With one hand, he lightly lays it on my shoulder and takes my hand with the other. “I know you don’t want me to say anything; it’s written all over your face. Anything said here, in your poems, are just between you and me. But if there is a time that you don’t feel safe, I want you to call me, okay? I don’t care that I’m stepping over my bounds, but you just let me know, I’ll work something out for you.”
He gets a note card and he writes two numbers, home and cell. He places it face down on my desk and slides it to me. I look up at him.
“Thank you, but I hope it never comes to that.”
“Me too.” He pauses for a moment. “Your poem is beautiful, I can feel the sorrow and I understand clearly how you feel. It’s your best so far.”

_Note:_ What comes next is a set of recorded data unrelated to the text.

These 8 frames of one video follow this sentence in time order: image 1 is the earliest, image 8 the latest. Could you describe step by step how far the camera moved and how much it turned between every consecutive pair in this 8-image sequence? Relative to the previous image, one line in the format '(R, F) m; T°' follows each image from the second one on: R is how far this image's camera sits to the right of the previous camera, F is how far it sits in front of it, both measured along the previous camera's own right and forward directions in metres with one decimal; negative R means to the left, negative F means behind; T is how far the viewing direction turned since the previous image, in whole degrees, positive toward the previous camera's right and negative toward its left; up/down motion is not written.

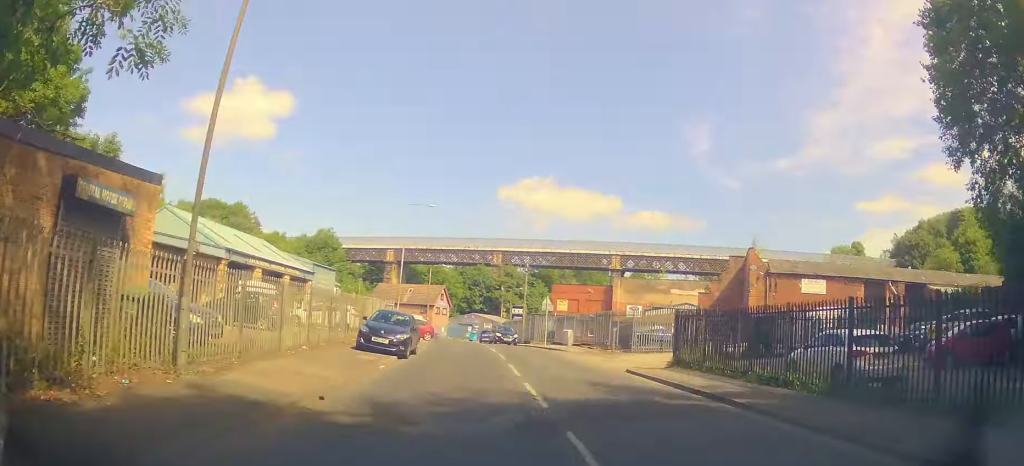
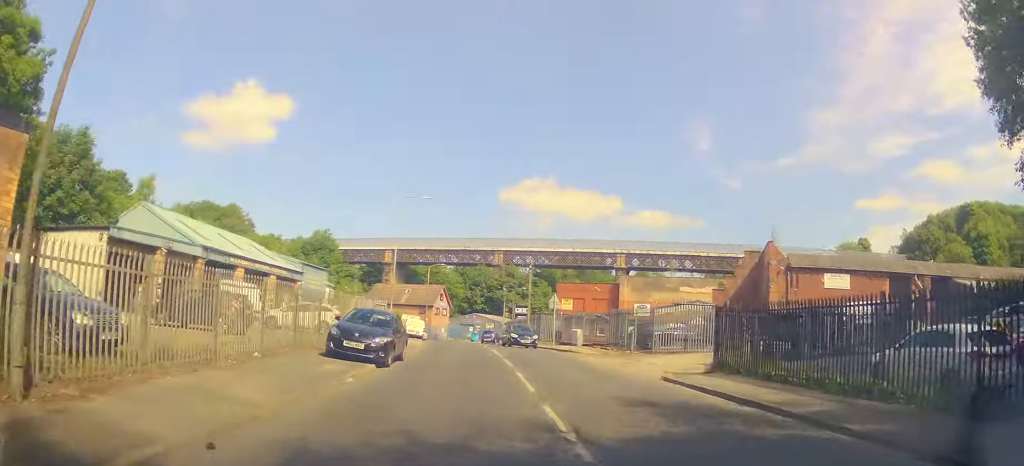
(0.0, +4.1) m; 0°
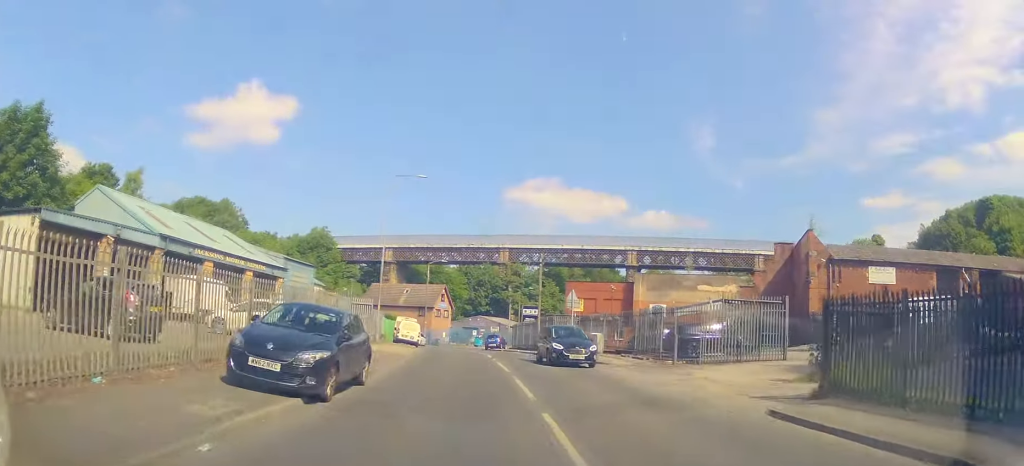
(+0.2, +6.4) m; 0°
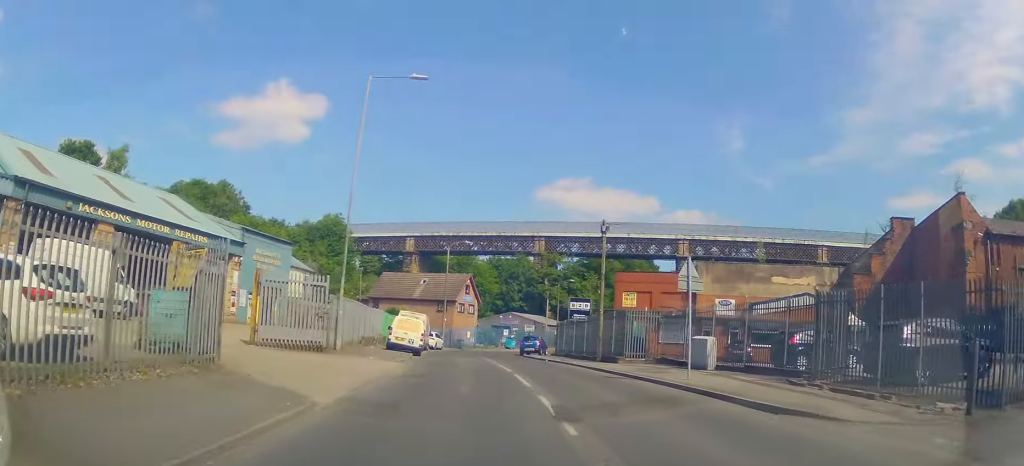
(-1.1, +15.5) m; -3°
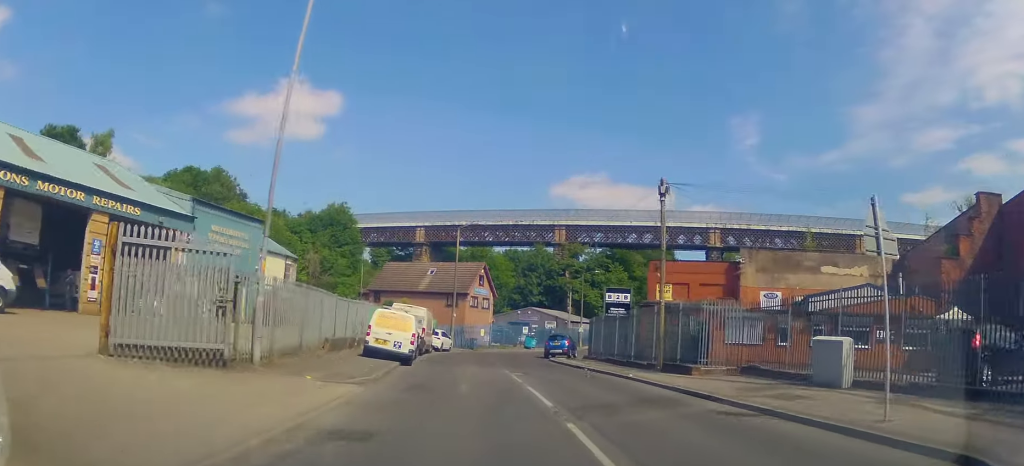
(+0.4, +9.0) m; +1°
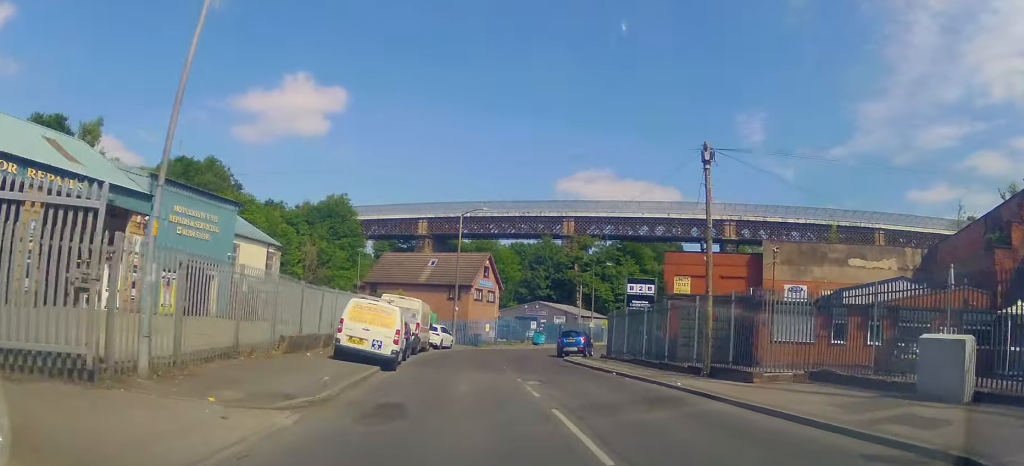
(-0.1, +4.9) m; -2°
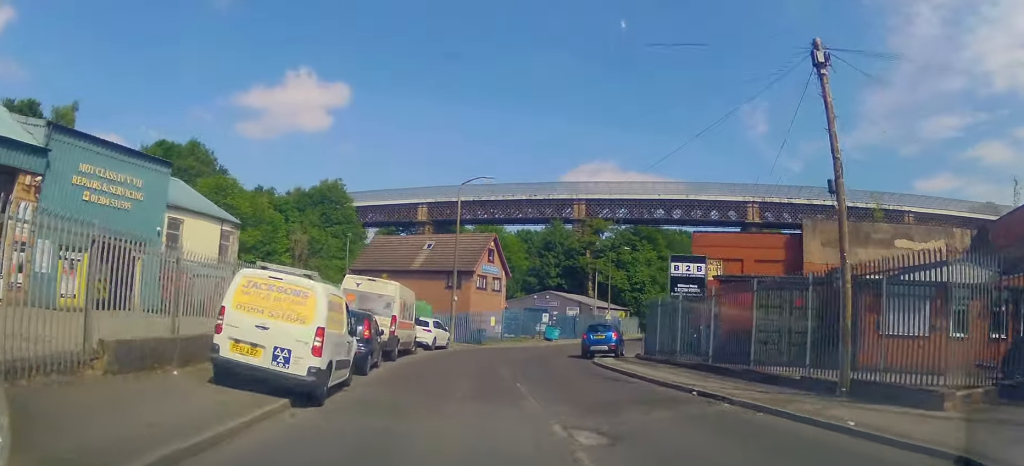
(-0.2, +8.0) m; -2°
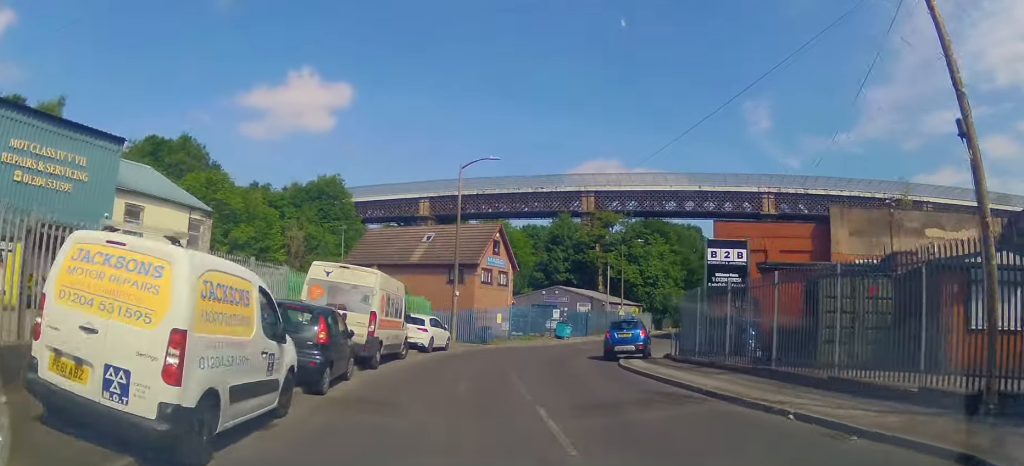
(-0.1, +4.3) m; -1°

It still is my best. Because of Mr. Priston, I started to carry a notebook with me. I draw a little here and there but I jot some poems down when they pop into my head. I taped the note card to the inside cover of the notebook so I’d never lose it. Every time I open the notebook I see that note card. His name isn’t written on the note card, but I won’t forget whom they belong to.
I know what you’re thinking. You probably think I’m so strange for keeping this number in my most private notebook and you probably think that Mr. Priston is a pervert, but that’s not the case. I need that number in my notebook to reassure me that I can get through all of it, all the things that compel me to write, good or bad, and I can get though it all and still be okay. As for why I don’t put it in my cell phone? I guess I don’t want any proof that Mr. Priston and I are somehow connected to one another. I don’t mean this to sound perverted, but nothing is going on between us, at least not now.